++++ Exercise input ++++
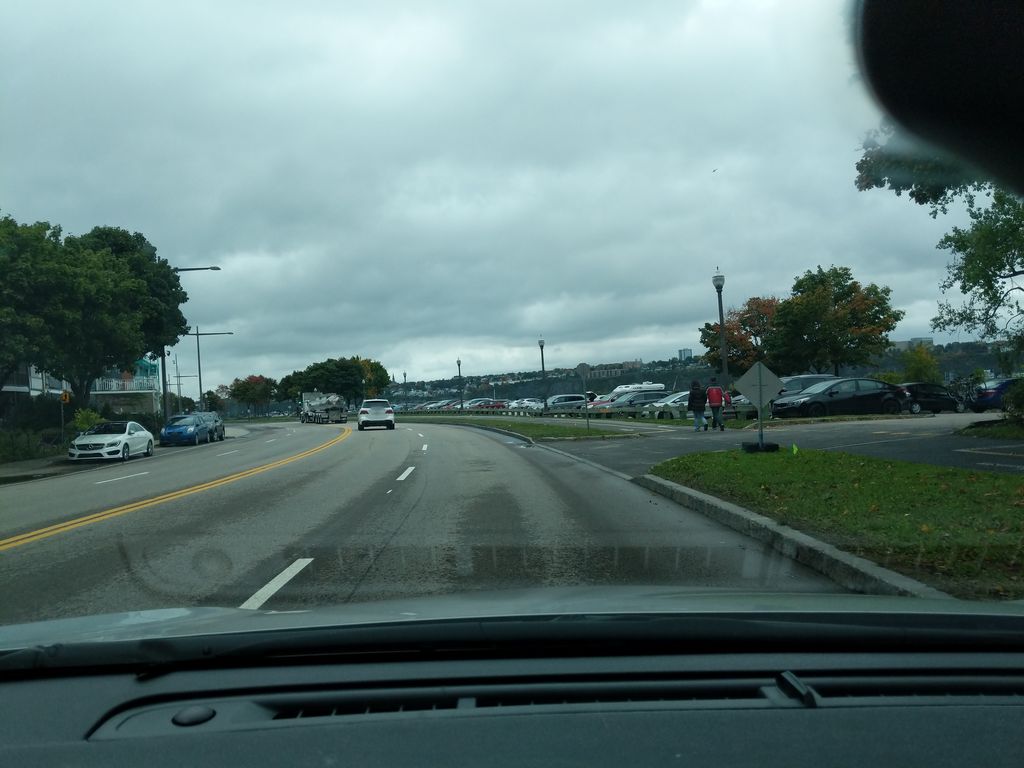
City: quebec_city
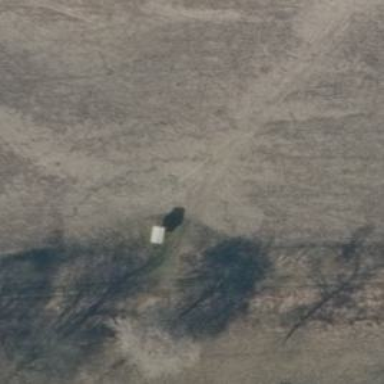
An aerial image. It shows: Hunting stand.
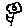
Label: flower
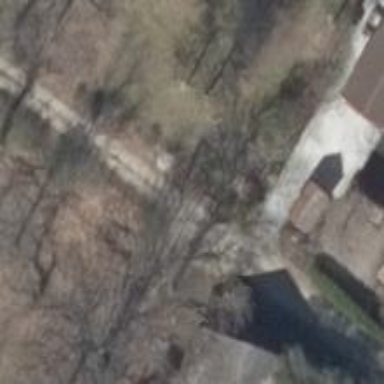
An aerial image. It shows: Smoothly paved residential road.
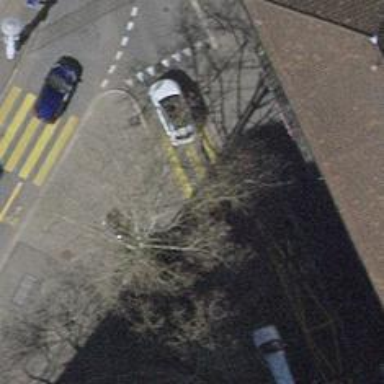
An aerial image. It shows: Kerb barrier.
++++
++++ Exercise input ++++
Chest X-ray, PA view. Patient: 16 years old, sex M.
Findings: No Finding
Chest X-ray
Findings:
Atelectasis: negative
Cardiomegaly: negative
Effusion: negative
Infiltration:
++++
Your reply should be one number: how many lines in the records contain "negative".

Result of the exercise: 3